Figure 3. Hardware segmentation and paging in the Honeywell 645.

6. Multics Processes and the Multics Supervisor

A process is generally understood as being a program in execution. A process is characterized by its state word defining, at any given instant, the history resulting from the execution of the program. It is also characterized by its address space. The address space of a process is the set of processor addresses that the process can use to reference information in memory. In Multics, any information that a process can reference by an address of the form (segment number, word number) is said to be in the address space of the process. There is a one-to-one correspondence between Multics processes and address spaces. Each process is provided with a private descriptor segment which maps segment numbers into core memory addresses and with a private table which maps symbolic segment names into segment numbers. This table is called the Known Segment Table (KST).

The Multics supervisor could have been written so as not to use segment addressing of course; but organizing the supervisor into procedures and data segments permits one to use, in the supervisor, the same conventions that are used in user programs. For instance, the call-save-return conventions [7] made for user programs can be used by the supervisor; the standard way to manufacture pure procedures in a user program is also used extensively in the supervisor.
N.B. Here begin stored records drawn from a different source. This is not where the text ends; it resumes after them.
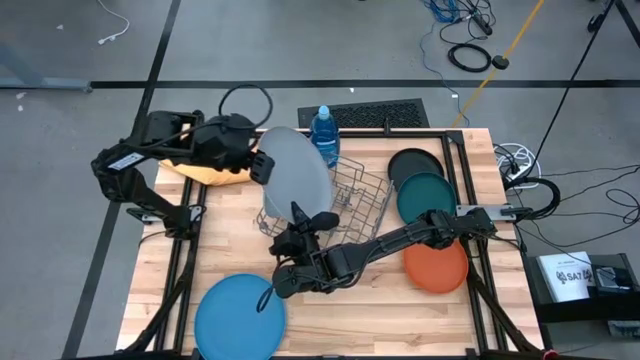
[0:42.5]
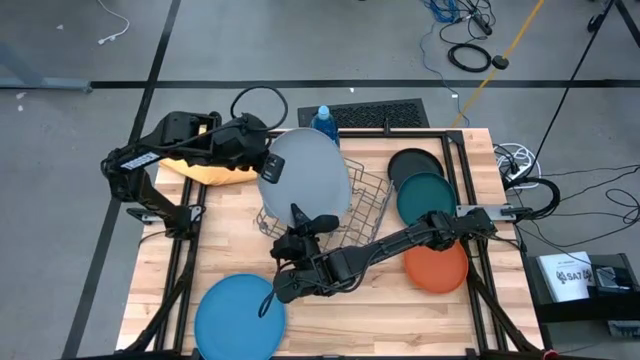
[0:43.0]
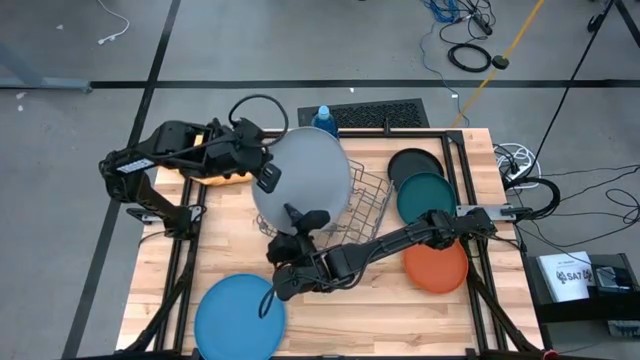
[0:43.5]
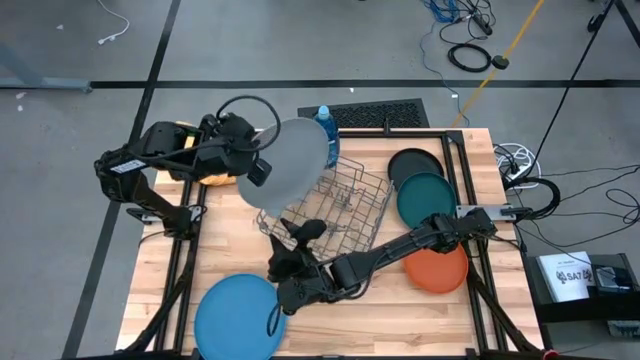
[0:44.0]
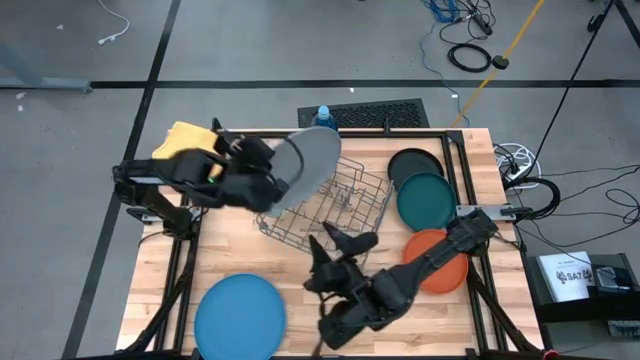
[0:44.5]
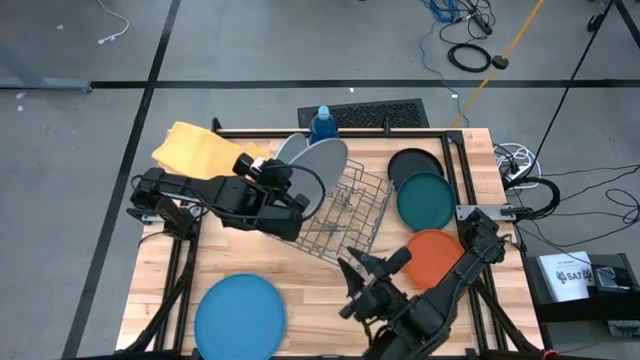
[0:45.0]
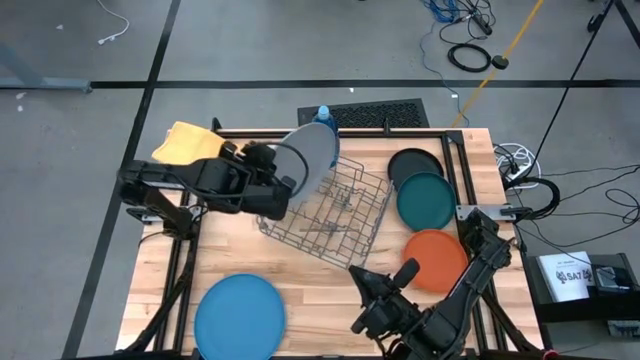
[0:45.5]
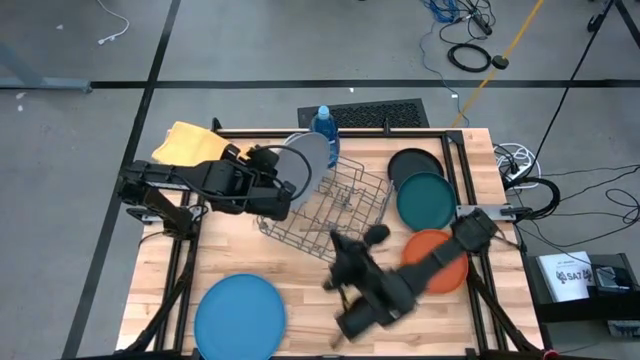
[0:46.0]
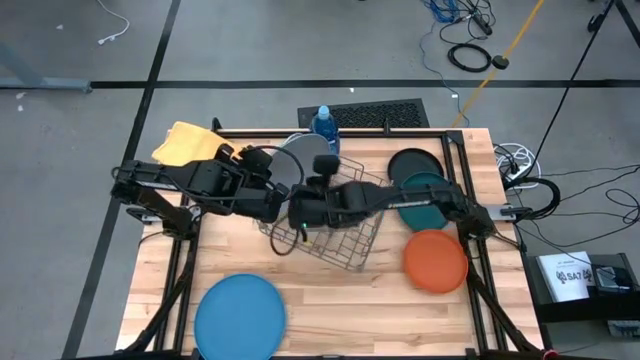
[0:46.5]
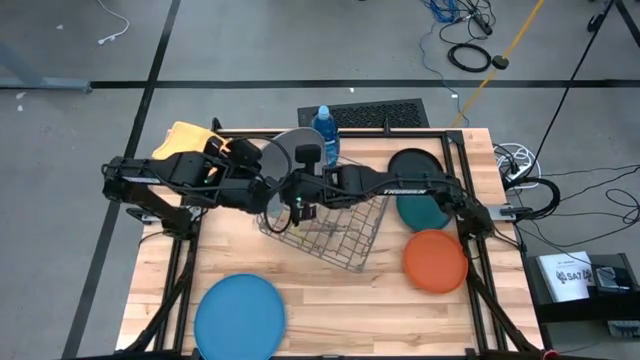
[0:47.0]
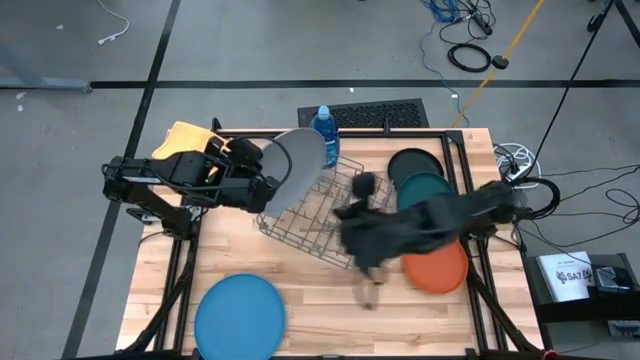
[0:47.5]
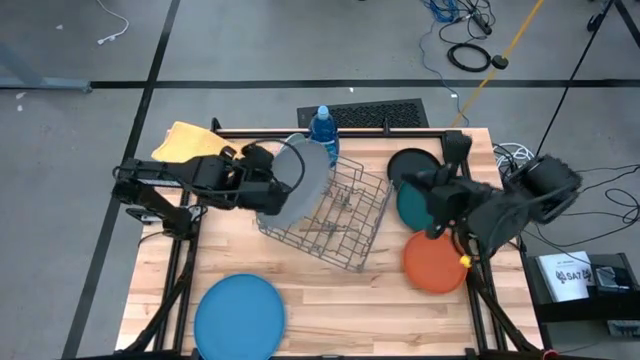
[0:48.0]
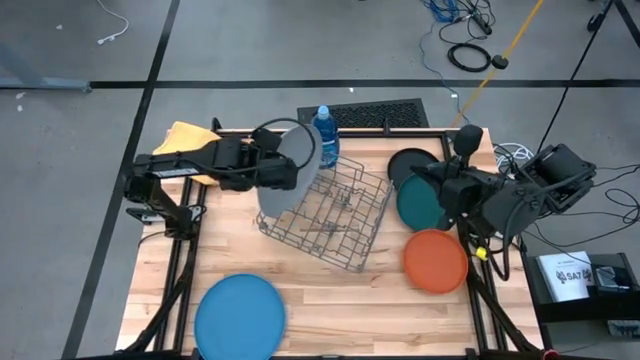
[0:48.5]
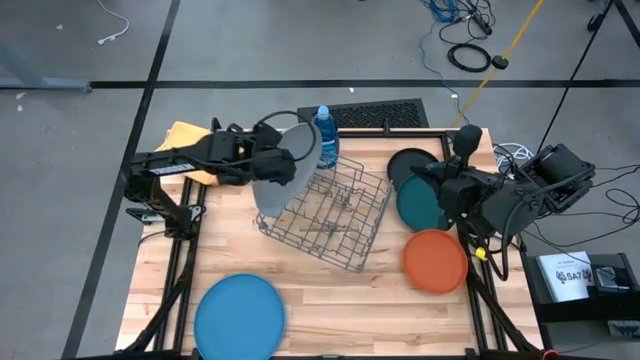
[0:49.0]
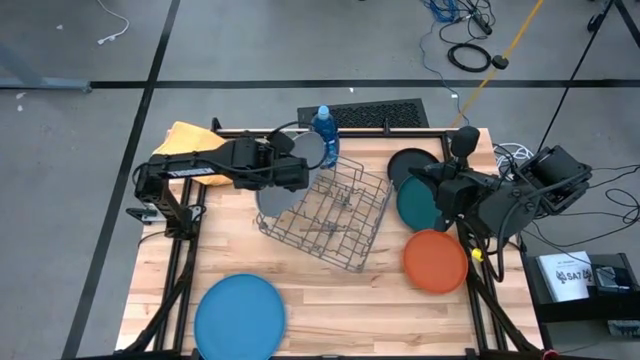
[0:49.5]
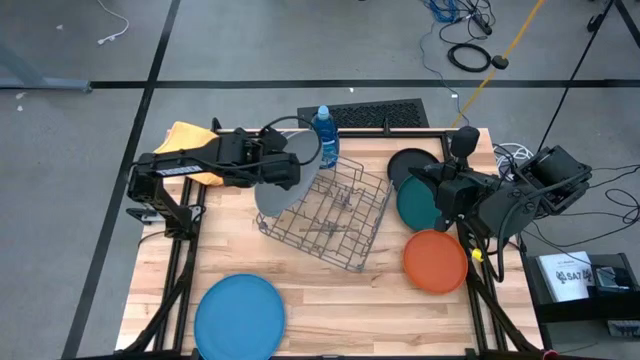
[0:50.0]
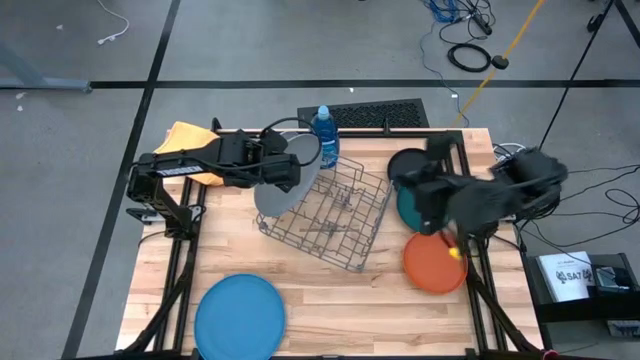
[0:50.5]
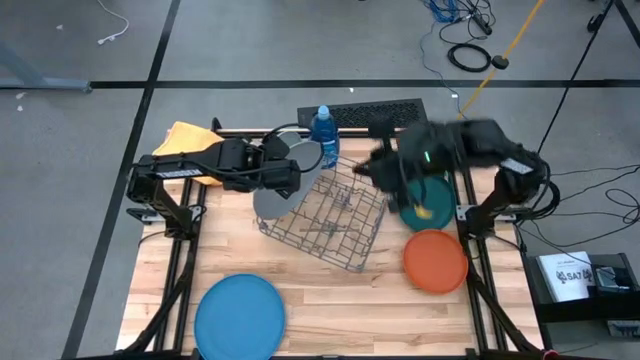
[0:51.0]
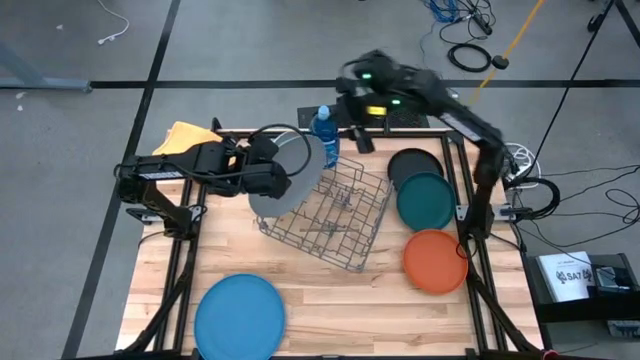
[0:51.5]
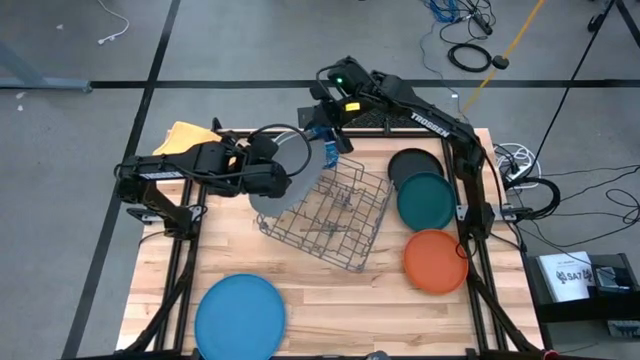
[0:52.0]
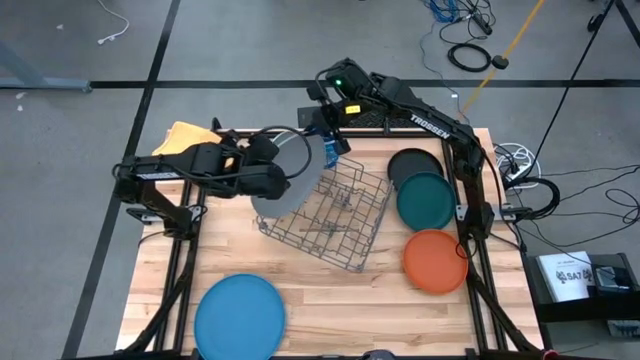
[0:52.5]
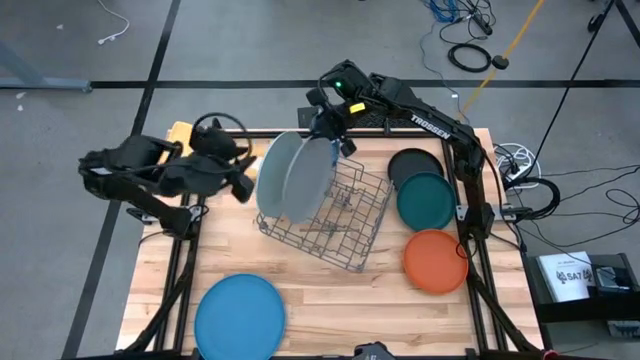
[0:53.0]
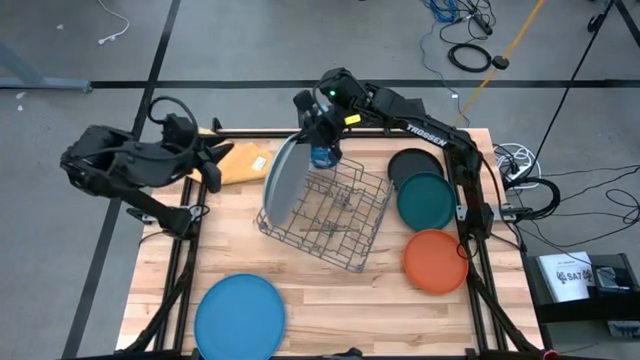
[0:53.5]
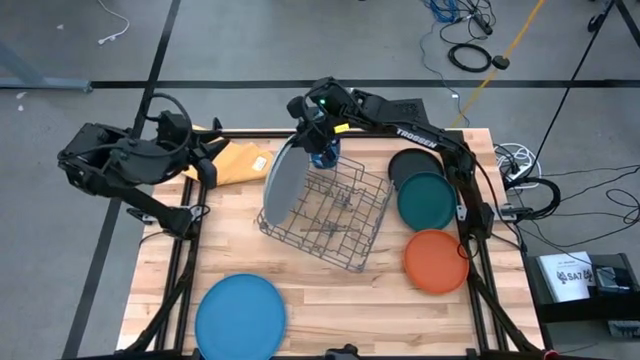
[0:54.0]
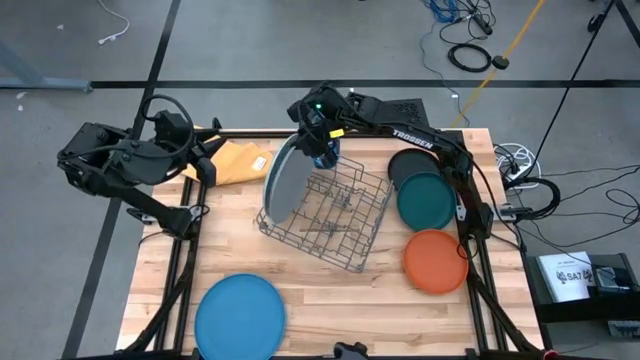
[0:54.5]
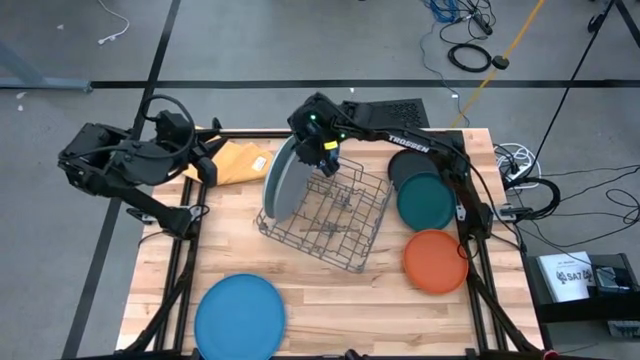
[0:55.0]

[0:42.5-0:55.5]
Task: Sort dishes
Put the gray plate into the dish rack

A less visible advantage of segmentation of the supervisor is that some supervisory facilities provided for the management of user segments can also be applied to supervisor segments; for example, the demand paging facility designed to automatically load pages of user segments can also be used to load pages of supervisor segments. As a result, a large portion of the supervisor need not reside permanently in core.

Unlike most supervisors, the Multics supervisor does not operate in a dedicated process or address space. Instead, the supervisor procedure and data segments are shared among all Multics processes. Whenever a new process is created, its descriptor segment is initialized with descriptors for all supervisor segments allowing the process to perform all of the basic supervisory functions for itself. The execution of the super visor in the address space of each process facilitates communication between user procedures and supervisor procedures. For example, the user can call a supervisor procedure as if he were calling a normal user procedure. Also, the sharing of the Multics supervisor facilitates simultaneous execution, by several processes, of supervisory functions, just as the sharing of user procedures facilitates the simultaneous execution of functions written by users.

Since supervisor segments are in the address space of each process, they must be protected against unauthorized references by user programs. Multics provides the user with a ring protection mechanism [13] which segregates the segments in his address space into several sets with different access privileges. The Multics supervisor takes advantage of the existence of this mechanism and uses it, rather than some other special mechanism to protect itself.

7. Segment Attributes

7.1 Directory Hierarchy

The name of a segment and its attributes are associated in a catalogue. Conceptually this catalogue consists of a table with one entry for each segment in the system. An entry contains the name of the segment and all its attributes: length, memory address, list of users allowed to use the segment with their respective access rights, date and time the segment was created, etc.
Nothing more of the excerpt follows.